Mein Projekt

Die Schule

Die Schule an der ich arbeite, heißt Filbert Bayi School. Sie besteht aus der Secondary und Primary school in Kibaha und aus der Primary und Nursery school in Kimara. Ich unterrichte am Montag, Dienstag, Mittwoch und Samstag in Kibaha und am Freitag in Kimara. Kibaha liegt etwa 50 km und Kimara etwa 16 km von Dar Es Salaam, der größten Stadt Tansanias, entfernt.
Die Schule ist nach dem ehemaligen tansanischen Mittelstrecken- und Hindernisläufer Filbert Bayi benannt.
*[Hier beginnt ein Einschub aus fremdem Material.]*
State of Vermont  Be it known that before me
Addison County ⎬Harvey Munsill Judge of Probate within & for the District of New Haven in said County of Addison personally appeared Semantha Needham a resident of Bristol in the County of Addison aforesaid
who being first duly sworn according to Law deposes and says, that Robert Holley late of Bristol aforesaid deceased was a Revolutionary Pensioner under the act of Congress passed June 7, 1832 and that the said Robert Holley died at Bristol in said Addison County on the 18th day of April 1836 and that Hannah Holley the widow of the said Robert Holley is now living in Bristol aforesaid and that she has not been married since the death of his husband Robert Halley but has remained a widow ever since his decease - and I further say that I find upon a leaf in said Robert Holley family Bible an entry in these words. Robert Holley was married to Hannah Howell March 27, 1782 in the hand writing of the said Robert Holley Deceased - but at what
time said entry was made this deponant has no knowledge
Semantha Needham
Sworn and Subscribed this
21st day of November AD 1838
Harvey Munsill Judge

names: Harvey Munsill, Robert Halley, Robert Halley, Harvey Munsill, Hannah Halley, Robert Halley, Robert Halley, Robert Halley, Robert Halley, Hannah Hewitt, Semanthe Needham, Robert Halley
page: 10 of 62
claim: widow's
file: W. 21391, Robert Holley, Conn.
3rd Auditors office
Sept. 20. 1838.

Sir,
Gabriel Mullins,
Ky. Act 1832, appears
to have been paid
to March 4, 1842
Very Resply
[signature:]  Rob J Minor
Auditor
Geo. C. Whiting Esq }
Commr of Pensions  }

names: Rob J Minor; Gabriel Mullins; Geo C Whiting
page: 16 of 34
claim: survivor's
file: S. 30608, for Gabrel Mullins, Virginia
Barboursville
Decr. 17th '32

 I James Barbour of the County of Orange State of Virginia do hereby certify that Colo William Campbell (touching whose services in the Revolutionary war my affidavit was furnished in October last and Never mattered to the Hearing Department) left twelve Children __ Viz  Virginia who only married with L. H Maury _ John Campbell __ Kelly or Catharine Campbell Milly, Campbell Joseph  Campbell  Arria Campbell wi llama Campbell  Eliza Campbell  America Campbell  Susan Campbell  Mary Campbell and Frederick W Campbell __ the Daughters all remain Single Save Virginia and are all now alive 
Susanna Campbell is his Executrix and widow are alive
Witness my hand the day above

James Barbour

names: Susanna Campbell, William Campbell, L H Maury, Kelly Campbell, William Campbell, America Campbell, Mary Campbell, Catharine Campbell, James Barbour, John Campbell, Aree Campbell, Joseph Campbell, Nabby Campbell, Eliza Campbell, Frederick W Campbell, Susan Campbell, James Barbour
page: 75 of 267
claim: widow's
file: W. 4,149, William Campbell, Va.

Er brach bei den British Commonwealth Games 1974 in Christchurch, im Alter von nur 20 Jahren, den 1.500-m-Weltrekord und holte die olympische Silbermedaille. Nach dem Ende seiner Sportkarriere engagierte sich Bayi in Bildungsprojekten. Er zeigte großen Einsatz bei der Errichtung der Filbert-Bayi-Foundation mit Sitz in Mkuza (Tansania), die sich seit 2003 der Förderung leichtathletischer Nachwuchstalente verschrieben hat. Neben der Sportförderung ist es der Filbert-Bayi-Foundation ein Anliegen, junge Menschen über Aids aufzuklären und ihnen durch Bildungsangebote einen Weg aus der Armut zu bieten.
Die Filbert Bayi School wird von Filbert Bayi und seiner Frau geleitet. Das Konzept der Schule ist es, auf die Bedürfnisse der Kinder einzugehen und deren Stärken zu fördern, so dass alle Schüler Erfolgserlebnisse haben und zu verantwortungsbewussten Menschen heranwachsen.

Meine Aufgaben vor Ort

Gemeinsam mit meinem Projektpartner Thore arbeite ich an den Schulen in Kibaha und Kimara. Vormittags geben wir am Montag und Mittwoch an der Primary School in Kibaha Sportunterricht. Die Schüler der Secondary School unterrichten wir am Dienstag Nachmittag in Deutsch und am Samstag Vormittag in Sport. An der Primary School in Kimara sind wir immer freitags. Nachmittags sind wir für die Freizeitgestaltung und Sportangebote zuständig und haben die Möglichkeit, eigene Ideen einzubringen und eigenständig Projekte durchzuführen. Der Schwerpunkt meines Aufgabenfeldes liegt auf dem Medium Sport, um so persönliche und soziale Fähigkeiten der Kinder zu fördern. Ich möchte den Kindern Spaß an der Bewegung vermitteln. Durch Lauf- und Fangspiele sowie Mannschaftssportarten und Leichtathletik kann die Entwicklung von Werten und Normen wie Fairness, Teamgeist, Verantwortung, Fitness und Empathie gefördert werden.
Da wir die Ersten sind, die in diesem Projekt einen entwicklungspolitischen Freiwilligendienst im Sport leisten, können wir nicht auf die Erfahrungen und bestehende Projekte von Vorgängern zurückgreifen. Dies bietet jedoch für uns auch die Chance, viele eigene Ideen einzubringen und das Aufgabenfeld für nachkommende Freiwillige zu prägen.